Abacus is a digital performance agency with a driving force that helps companies achieve their growth objectives, specifically through mobile campaigns. Denis Melnik is a Performance Team Supervisor and his featured post highlights the importance of hypothesis testing for your digital campaigns.
Abacus has been preaching the value of data-driven performance advertising since its inception—which is 3 solid years of managing and optimizing large paid social campaigns. And their insights are more relevant than ever at the start of Q4. As we enter the end of the year, we will increasingly notice the hyper-aggressive bidding war erupt on all advertising platforms. It’s the time of the year marked by large advertising budgets going down the cliff producing a hysterical amount of ad impressions—although many of those impressions will go unnoticed.
The cost of an eyeball, even a slight hesitation to scroll past an ad in the feed, has become a significant price marketers pay these days. It’s only the strongest, the most captivating, and user-relevant creatives that survive.
What if you could approach the ideation, the setup, and the optimization of your campaigns differently, stacking more odds in your favour? What if you could get more bang for your buck from the ads that you create and push to platforms this holiday season and forever after? Here are some practical tips from the Abacus performance team based on their proprietary method of launching and scaling paid social campaigns.

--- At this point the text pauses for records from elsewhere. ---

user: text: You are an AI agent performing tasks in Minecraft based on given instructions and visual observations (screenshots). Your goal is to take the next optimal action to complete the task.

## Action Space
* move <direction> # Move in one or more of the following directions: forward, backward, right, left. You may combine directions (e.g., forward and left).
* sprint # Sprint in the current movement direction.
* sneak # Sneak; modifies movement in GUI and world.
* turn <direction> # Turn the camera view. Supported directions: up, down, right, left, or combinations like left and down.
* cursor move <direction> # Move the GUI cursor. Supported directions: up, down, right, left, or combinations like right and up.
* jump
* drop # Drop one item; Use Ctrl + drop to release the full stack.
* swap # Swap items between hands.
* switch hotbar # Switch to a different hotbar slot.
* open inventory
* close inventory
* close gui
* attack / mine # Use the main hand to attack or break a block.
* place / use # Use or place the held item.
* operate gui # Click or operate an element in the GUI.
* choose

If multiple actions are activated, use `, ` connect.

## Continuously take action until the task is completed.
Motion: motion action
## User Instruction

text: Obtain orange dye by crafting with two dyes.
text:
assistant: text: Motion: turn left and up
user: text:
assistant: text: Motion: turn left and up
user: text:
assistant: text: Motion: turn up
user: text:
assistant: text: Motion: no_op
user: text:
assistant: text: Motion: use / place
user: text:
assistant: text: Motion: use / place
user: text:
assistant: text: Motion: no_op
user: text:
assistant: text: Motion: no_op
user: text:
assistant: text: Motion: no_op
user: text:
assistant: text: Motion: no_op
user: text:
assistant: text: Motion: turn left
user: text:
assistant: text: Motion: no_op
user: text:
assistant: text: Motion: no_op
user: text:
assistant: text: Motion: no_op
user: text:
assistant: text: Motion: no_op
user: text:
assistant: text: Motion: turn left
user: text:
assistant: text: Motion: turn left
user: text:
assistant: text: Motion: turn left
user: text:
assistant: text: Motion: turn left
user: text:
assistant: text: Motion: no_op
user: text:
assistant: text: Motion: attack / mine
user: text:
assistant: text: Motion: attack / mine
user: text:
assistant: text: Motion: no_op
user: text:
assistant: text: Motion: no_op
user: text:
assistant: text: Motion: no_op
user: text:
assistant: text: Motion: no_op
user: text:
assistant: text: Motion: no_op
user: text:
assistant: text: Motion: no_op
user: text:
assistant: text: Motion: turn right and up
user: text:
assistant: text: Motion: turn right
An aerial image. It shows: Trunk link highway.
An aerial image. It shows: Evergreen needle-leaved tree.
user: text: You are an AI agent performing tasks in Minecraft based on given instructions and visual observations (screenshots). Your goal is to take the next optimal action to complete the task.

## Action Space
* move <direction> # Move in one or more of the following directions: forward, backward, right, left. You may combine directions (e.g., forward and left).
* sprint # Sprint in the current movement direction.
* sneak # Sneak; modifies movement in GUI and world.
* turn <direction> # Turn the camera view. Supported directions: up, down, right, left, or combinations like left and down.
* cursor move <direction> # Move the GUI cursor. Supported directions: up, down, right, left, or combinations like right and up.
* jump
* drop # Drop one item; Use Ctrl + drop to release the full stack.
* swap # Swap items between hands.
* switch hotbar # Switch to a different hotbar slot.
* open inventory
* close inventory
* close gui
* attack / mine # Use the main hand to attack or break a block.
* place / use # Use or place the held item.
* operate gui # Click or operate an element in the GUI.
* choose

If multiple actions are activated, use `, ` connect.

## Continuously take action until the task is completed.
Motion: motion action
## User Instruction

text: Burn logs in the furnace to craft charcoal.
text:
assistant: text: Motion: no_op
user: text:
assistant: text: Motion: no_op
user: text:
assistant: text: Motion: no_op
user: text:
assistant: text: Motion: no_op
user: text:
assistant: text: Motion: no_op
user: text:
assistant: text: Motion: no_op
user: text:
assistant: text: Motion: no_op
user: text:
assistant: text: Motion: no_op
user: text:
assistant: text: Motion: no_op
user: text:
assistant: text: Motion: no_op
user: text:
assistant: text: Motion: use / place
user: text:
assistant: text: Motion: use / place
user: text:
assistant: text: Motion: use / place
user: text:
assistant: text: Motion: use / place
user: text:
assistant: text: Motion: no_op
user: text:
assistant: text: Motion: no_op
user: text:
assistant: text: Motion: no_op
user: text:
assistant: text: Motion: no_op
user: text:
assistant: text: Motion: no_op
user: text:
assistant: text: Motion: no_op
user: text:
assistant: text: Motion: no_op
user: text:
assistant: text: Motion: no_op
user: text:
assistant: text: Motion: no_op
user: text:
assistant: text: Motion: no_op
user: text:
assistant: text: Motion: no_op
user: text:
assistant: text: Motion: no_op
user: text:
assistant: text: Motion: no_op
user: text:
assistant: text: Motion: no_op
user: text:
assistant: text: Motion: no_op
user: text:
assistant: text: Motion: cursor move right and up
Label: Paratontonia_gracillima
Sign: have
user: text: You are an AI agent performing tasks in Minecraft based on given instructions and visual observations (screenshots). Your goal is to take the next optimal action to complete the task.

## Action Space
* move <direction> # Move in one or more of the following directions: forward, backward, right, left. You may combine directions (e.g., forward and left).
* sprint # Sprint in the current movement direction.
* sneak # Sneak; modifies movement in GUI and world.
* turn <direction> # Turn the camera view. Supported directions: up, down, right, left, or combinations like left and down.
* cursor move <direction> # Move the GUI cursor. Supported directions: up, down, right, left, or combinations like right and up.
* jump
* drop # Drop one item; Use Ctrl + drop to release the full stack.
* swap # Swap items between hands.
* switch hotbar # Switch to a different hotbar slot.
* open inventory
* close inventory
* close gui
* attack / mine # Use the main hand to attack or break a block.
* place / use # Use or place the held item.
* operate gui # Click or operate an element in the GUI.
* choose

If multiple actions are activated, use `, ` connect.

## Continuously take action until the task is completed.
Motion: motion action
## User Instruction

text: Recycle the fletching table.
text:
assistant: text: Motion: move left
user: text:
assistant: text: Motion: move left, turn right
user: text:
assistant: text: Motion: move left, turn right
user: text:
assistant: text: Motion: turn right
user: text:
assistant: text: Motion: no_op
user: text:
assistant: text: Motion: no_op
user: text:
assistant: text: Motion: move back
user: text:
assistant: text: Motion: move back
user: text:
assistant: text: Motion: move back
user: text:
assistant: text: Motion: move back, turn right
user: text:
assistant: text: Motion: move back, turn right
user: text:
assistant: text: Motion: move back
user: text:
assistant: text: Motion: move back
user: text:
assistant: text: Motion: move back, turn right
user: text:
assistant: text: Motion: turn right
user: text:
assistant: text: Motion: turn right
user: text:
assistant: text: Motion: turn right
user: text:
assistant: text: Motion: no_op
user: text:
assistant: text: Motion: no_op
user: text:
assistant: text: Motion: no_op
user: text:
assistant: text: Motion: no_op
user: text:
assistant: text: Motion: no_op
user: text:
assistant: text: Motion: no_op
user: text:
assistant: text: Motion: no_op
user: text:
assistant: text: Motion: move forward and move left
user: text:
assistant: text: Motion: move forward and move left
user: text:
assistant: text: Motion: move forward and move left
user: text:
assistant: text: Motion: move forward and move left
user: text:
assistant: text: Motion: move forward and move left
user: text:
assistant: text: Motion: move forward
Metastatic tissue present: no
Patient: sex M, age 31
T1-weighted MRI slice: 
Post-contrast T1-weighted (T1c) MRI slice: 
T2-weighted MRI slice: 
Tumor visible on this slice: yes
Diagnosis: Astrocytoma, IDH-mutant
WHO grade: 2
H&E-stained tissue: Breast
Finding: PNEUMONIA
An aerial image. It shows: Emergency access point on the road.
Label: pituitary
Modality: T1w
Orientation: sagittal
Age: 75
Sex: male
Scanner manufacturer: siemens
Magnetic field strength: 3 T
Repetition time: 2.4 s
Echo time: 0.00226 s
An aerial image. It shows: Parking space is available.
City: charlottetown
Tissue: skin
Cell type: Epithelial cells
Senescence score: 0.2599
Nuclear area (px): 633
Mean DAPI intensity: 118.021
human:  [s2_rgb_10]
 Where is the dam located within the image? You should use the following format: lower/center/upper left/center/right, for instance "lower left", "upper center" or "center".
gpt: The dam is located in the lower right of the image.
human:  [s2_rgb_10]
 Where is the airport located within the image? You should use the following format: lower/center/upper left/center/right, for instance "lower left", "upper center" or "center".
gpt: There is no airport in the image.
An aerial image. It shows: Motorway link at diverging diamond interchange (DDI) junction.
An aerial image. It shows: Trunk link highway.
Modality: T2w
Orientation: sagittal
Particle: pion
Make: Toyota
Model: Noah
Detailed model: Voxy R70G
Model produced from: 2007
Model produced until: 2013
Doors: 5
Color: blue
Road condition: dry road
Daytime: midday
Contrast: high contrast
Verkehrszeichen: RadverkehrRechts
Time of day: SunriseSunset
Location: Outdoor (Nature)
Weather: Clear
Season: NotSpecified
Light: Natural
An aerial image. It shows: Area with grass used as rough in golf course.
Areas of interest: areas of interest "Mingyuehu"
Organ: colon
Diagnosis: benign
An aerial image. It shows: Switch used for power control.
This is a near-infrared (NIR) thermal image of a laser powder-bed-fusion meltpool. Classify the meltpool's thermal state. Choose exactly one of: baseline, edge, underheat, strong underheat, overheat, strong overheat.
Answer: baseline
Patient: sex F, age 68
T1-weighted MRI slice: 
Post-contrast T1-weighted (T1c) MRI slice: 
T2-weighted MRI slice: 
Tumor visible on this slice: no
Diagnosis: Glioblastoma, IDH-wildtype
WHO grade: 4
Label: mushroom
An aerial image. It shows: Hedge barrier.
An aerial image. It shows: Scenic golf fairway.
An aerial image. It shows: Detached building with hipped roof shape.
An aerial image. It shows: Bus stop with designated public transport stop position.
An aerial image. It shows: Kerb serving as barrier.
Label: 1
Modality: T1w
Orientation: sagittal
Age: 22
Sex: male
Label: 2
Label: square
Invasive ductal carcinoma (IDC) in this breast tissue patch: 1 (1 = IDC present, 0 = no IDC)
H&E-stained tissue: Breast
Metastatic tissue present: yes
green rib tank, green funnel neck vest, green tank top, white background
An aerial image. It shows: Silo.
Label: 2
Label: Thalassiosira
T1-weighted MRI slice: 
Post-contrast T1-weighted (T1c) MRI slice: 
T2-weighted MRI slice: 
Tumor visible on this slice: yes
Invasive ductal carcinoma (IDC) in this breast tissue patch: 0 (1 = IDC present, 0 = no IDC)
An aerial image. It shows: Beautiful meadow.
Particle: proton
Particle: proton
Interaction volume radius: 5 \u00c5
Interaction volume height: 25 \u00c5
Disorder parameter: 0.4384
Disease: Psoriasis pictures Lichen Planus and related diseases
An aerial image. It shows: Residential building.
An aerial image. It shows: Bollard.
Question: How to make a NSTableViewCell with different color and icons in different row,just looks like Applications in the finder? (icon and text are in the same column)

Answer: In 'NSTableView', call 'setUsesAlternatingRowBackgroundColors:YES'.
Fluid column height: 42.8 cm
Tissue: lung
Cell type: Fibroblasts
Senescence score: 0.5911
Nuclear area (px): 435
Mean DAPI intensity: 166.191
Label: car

This method is called “LAS”, short for Learn Accelerate Scale.
Step 1: Start with a hypothesis in mind
Many advertisers rush to push ads via Campaign Budget Optimization (CBO) setup without pre-screening the elements that go into campaigns: audiences, bidding, placement, and creative pieces. We suggest running small-scale split test campaigns first before pushing anything into the evergreen bucket where a platform’s machine learning will take over the optimization. Starting with 10-15 “hypothesis tests” would be enough to focus on key parts of your campaigns.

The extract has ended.